Introduction: Stereotactic radiosurgery (SRS) is a well-established treatment option for vestibular schwannomas (VSs). An important clinical question is whether pretreatment tumor growth rate (TGR) predicts pattern of growth response to SRS and is a determinant of adverse radiation effects (AREs).

Methodology: A retrospective review of a prospectively maintained database of all VS patients treated at our institution between December 2005 and 2011 using Model 4C Gamma Knife Unit was carried out. All AREs were recorded. Patients with clinical and radiological follow-up at least 12 months before and after SRS were selected. Tumor volume was determined from T1-weighted and FIESTA MRI scans obtained at 6-month intervals (pre- and post-SRS) using the ITK-SNAP software. Linear regression and multivariate analyses were performed with SPSS version 19.0.

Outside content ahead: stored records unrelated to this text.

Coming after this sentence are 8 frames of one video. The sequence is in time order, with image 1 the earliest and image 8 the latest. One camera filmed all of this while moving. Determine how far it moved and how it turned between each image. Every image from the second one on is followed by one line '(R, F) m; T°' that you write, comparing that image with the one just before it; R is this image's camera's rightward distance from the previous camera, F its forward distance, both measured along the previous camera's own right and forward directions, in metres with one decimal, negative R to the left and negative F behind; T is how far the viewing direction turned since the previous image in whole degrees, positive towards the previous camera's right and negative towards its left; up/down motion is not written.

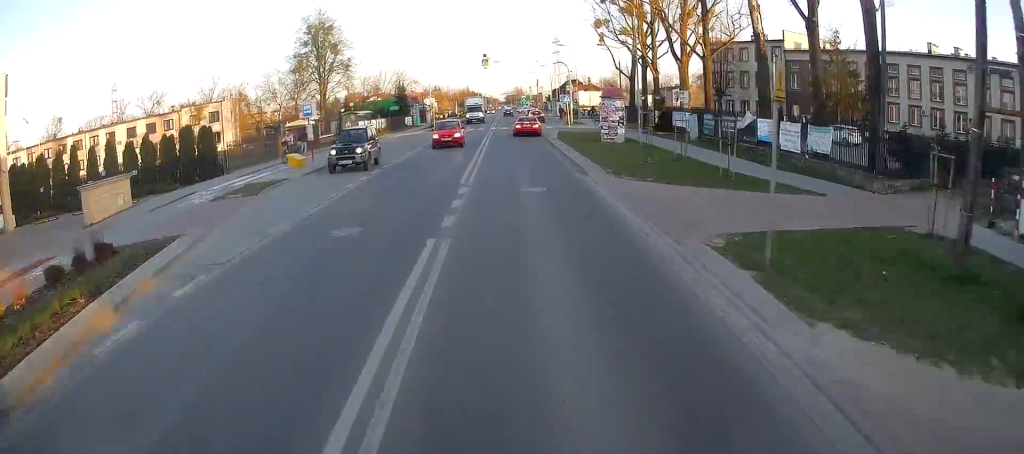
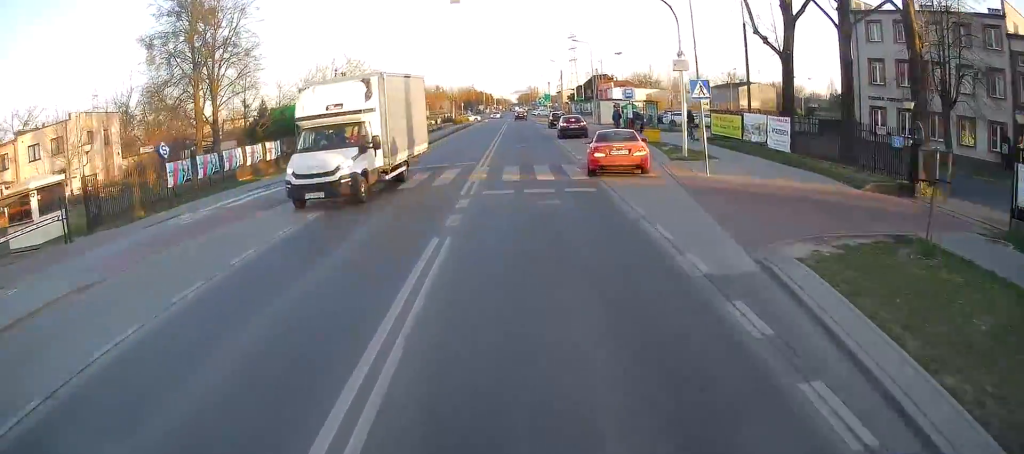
(+0.3, +44.2) m; 0°
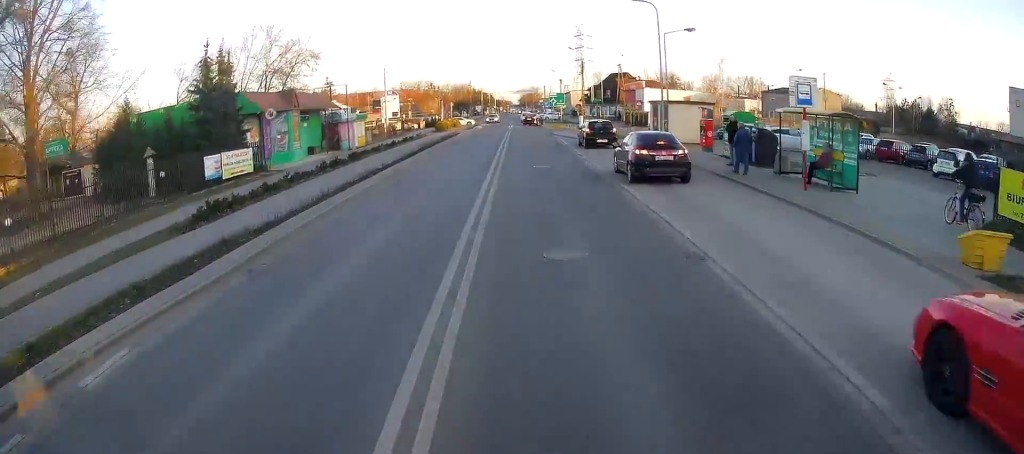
(-0.4, +26.3) m; -1°
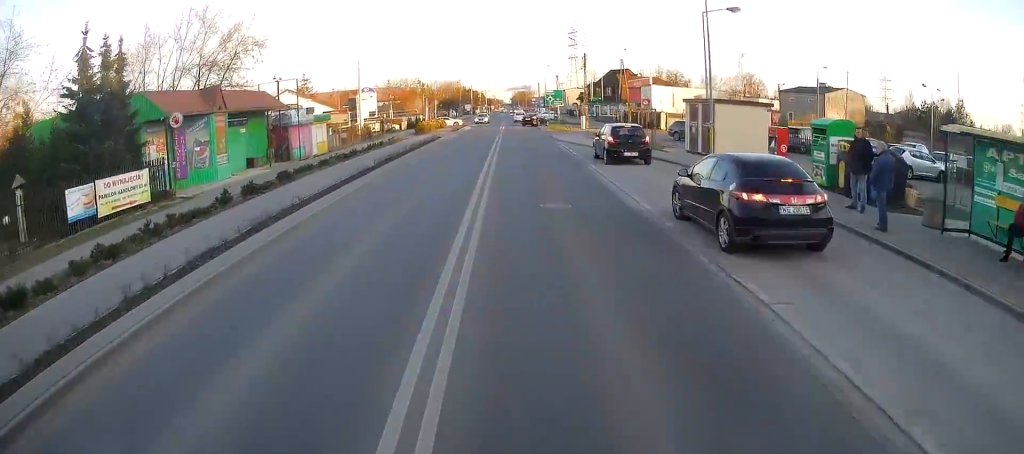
(-0.1, +9.6) m; 0°
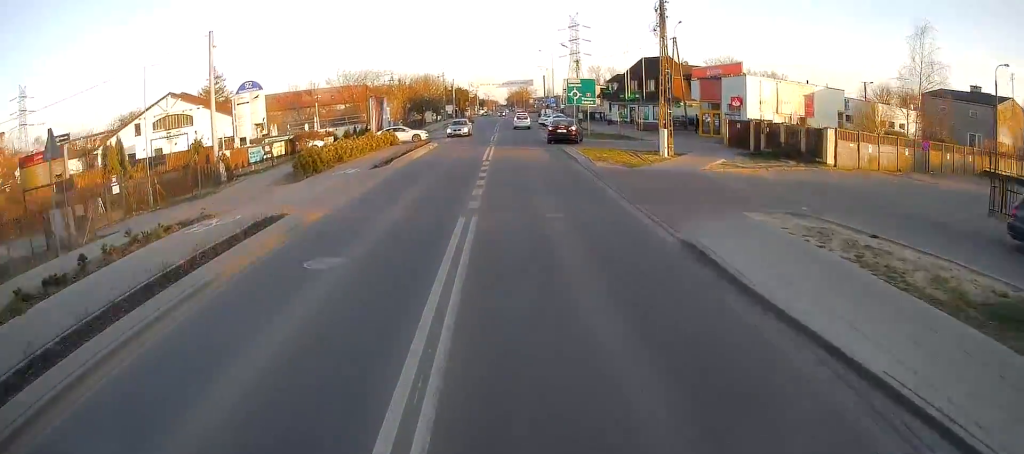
(+0.6, +34.1) m; +1°
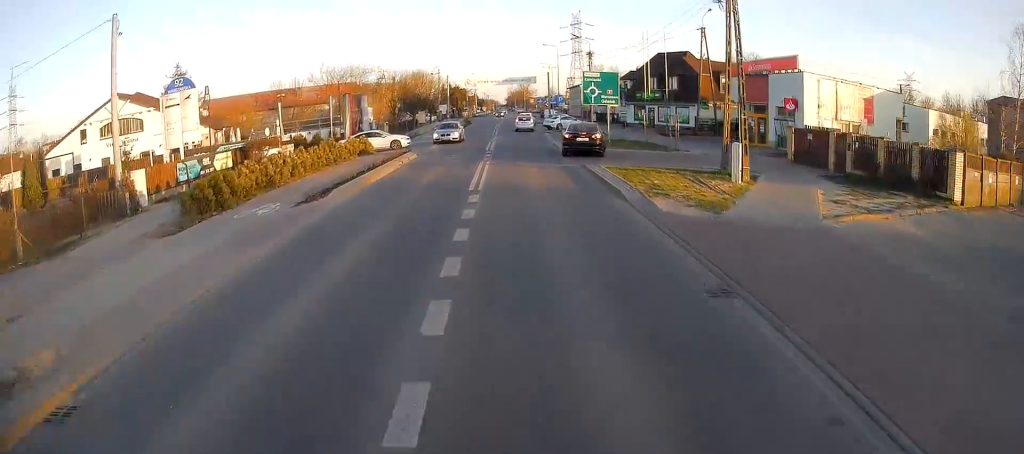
(0.0, +9.7) m; 0°
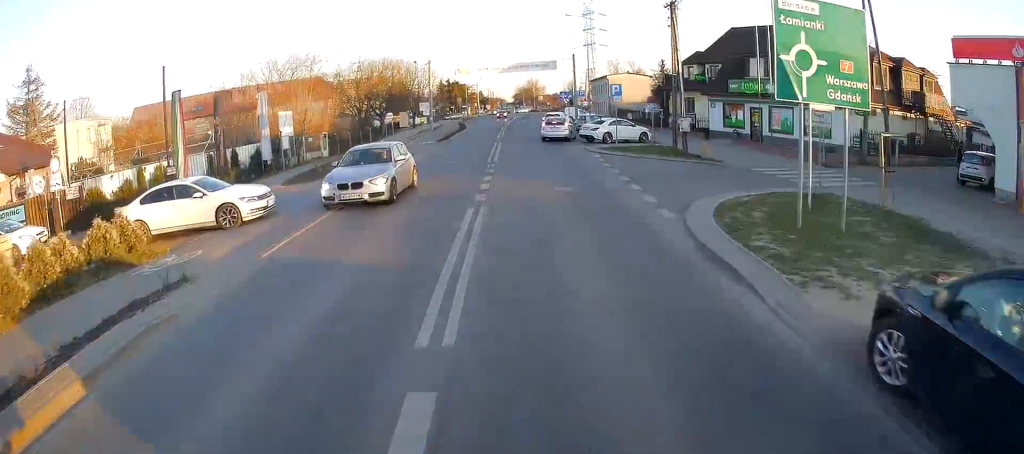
(-0.1, +27.1) m; 0°
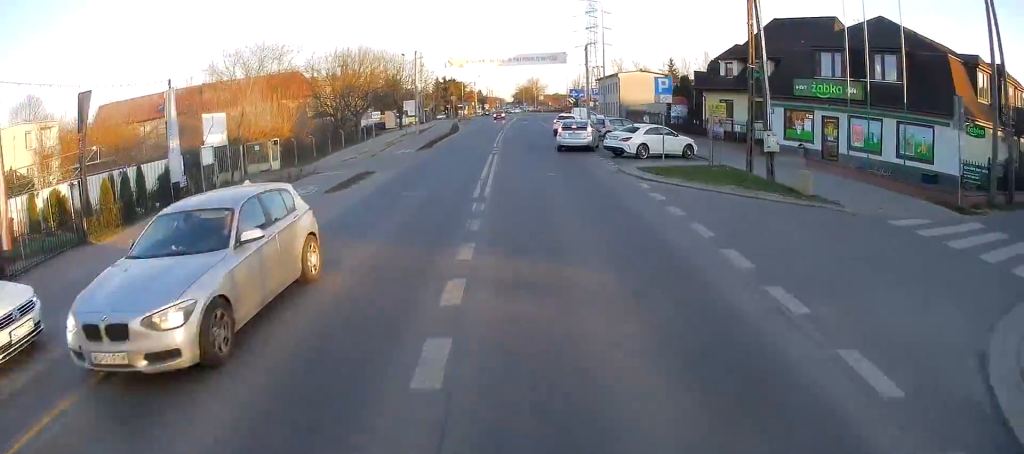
(0.0, +10.0) m; 0°

Results: Mean growth rate pre-SRS was +94.6%/year, and post-SRS was −10.8%/year. We classified tumors into three categories based on volumetric growth rate: class I (<52%), class II (52%–73%), and class III (>73%). We did not find a direct correlation between pre- and post-treatment TGR (P > 0.40). A significant correlation was found between pretreatment TGR and the extent of reduction in TGR post-SRS (P > 0.001). Thirty-three percent of VS patients treated with GKRS experienced non-auditory ARE. Pretreatment growth rate did not correlate with the occurrence of any AREs. Post-treatment TGR was a predictor of facial nerve dysfunction.

Conclusion: Tumors with greatest pretreatment growth rate had the most favorable response to SRS. TGR pre-SRS did not predict ARE, though target volume predicted facial nerve dysfunction. Response patterns to SRS can be categorized into three classes. These results demonstrate that there are clearly different subtypes of VSs that need further molecular profiling and correlative molecular imaging to be able to guide treatment decision. The present results will aid in patient counseling and decision making for best management options and expected outcomes following SRS for VS.